To this claim that AZT kills HIV, Dr Thomas says: "AZT kills any bit of DNA that tries to replicate. it is a crazy way to try to kill the HIV virus ... Besides, where is the evidence that the incorporated virus is doing any harm at all? Yet Burroughs-Wellcome's figures [the manufacturers of AZT] indicate that 200,000 people world-wide receive AZT every day at a cost of US$2300 [per person per years]"

Popular press reports continue to refer to HIV as the AIDS-causing virus, despite the well-known fact that there are AIDS-sufferers with no HIV in their bodies.

INFECTION

Proponents of anal sex remain silent about the fact that semen in the rectum, often accompanied by tissue tearing, is an ideal breeding ground for infections. Therefore a person whose body already suffers from drug toxicity will have difficulty fighting additional infections within the anal passage. The normal immune system begins to suffer from overload leading t its total shut-down.

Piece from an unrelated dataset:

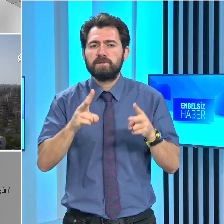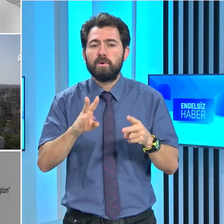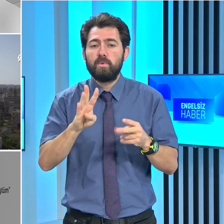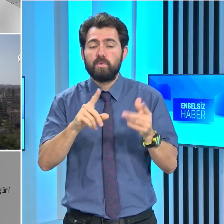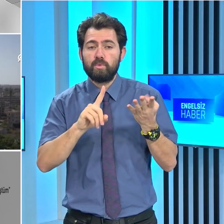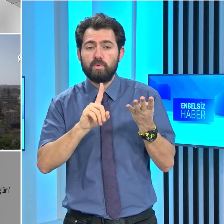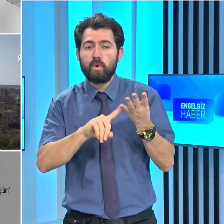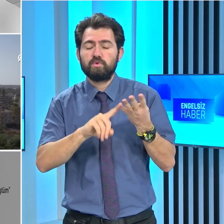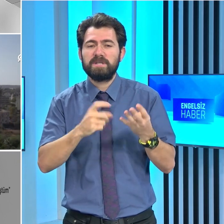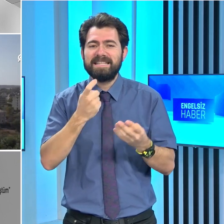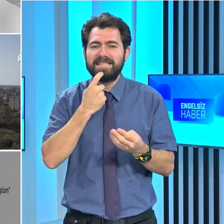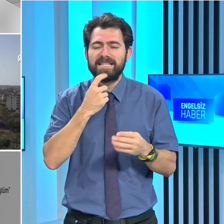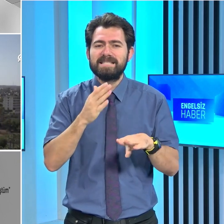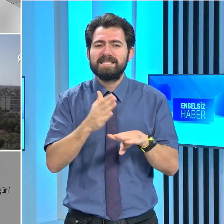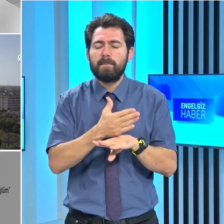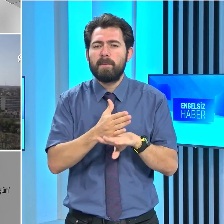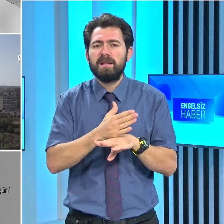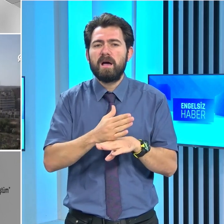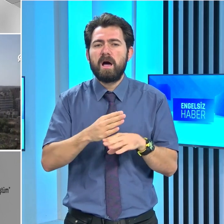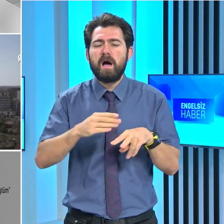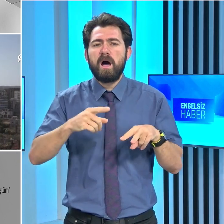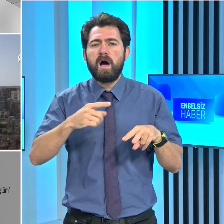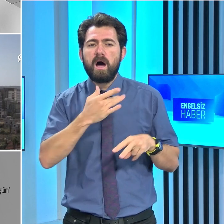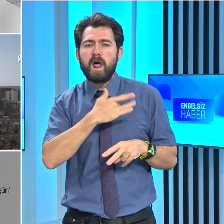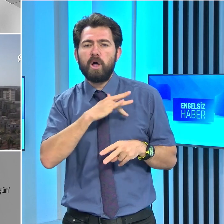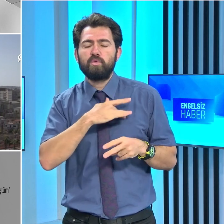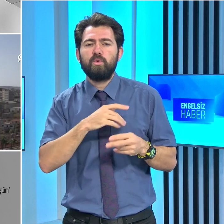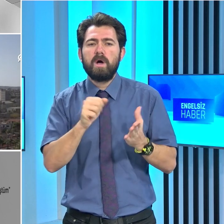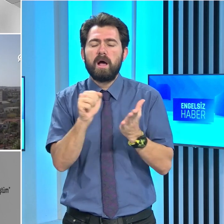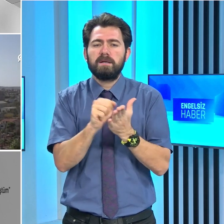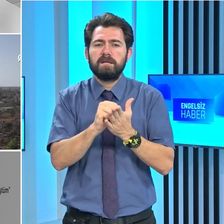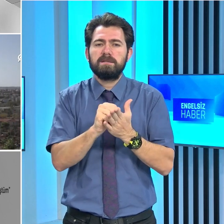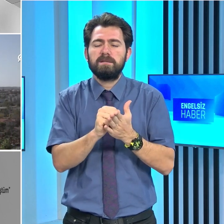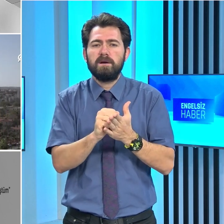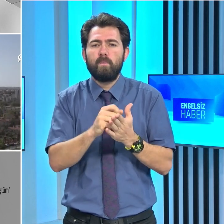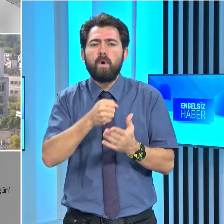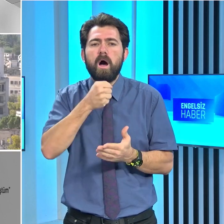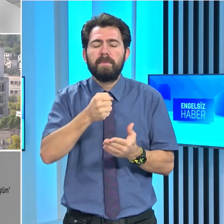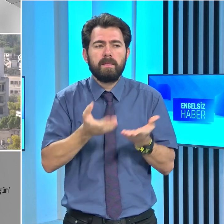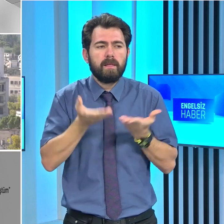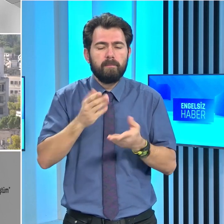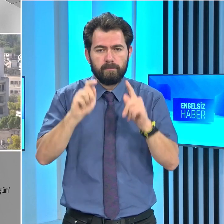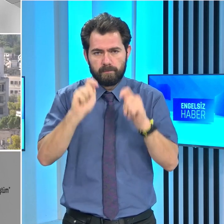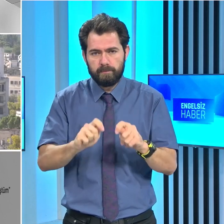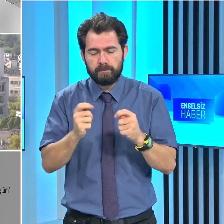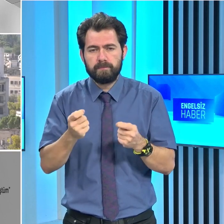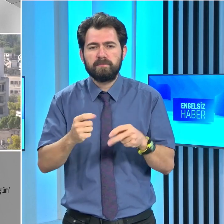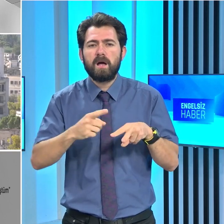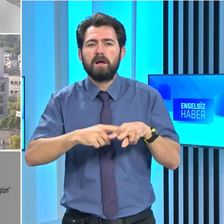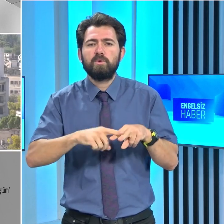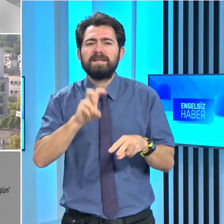yılı dolayısıyla Anadolu Ajansı muhabirine değerlendirmelerde bulundu. Atıoğlu, 8 Ekim

Dr Peter Duesberg, Professor of Molecular Biology, University of California, is a member of the National Academy of Science and an executive, member of The Group. He has been questioning the validity of the HIV-AIDS hypothesis since early 1987. Duesberg finds it "surprising that AIDS epidemiologists prefer the 'enigmatic mechanism of HIV pathogenesis to AIDS' over the straightforward chemical drug toxicity".

He claims that "the 10 years of recreational drug use that is necessary to cause AIDS is a rational explanation for what is claimed to be the 10 year latent period of HIV by the proponents of the HIV-AIDS hypothesis".

Duesberg has been severely criticised for holding the drugs-AIDS hypothesis.

The 'true believers' see Duesberg as a dangerous man whose views are undermining the safe-sex and clean needles campaigns.

In a recent issue of Nature there appears an article by Michael Ascher, et al., which specifically refutes Duesberg's claims about recreational use of drugs causing AIDS.

Although the article mentions Duesberg by name 19 times, Nature has to date refused to give him right of reply. Worse still, its editorial of May 13, written by its editor Sir John Maddox, is titled 'Has Duesberg the right of reply?" The editorial then goes on to justify its censorship of Duesberg's view.

Here are the first two paragraphs of Duesberg's response which Nature  refuses to publish:

Asher, et al., challenge my hypothesis that injected and orally consumed recreational drugs and AZT cause AIDS. Based on a one-time enquiry about the use of marijuana, nitrate inhalants, cocaine and amphetamines 'for the 24 month period before entry into the study' of mostly homosexual men from San Francisco, they claim the incidence of AIDS diseases over 8 years is independent of drugs.

"However, their study is worthless for a scientific appraisal of the drug-AIDS hypothesis, because it fails i) to study the AIDS risk of HIV-positive, drug-free controls; ii) to quantify recreational drug use; iii) to observe drug use long enough to detect toxicity; and iv) to report AZT use altogether." 

It seems that Duesberg's claims deserve airing. I view such censorship of scientific debate with trepidation. But then 'politically correct' forces aiming to stifle open debate on numerous topics are alive and well.

Soon light will be shed on the truth content of the 'politically incorrect' Duesberg drug-AIDS hypothesis. In England, a woman is suing the British manufacturer of AZT in the belief that the drug killed her haemophiliac husband.

How sad, though, for the scientific ideal of open enquiry, when the legal system has to make scientific decisions.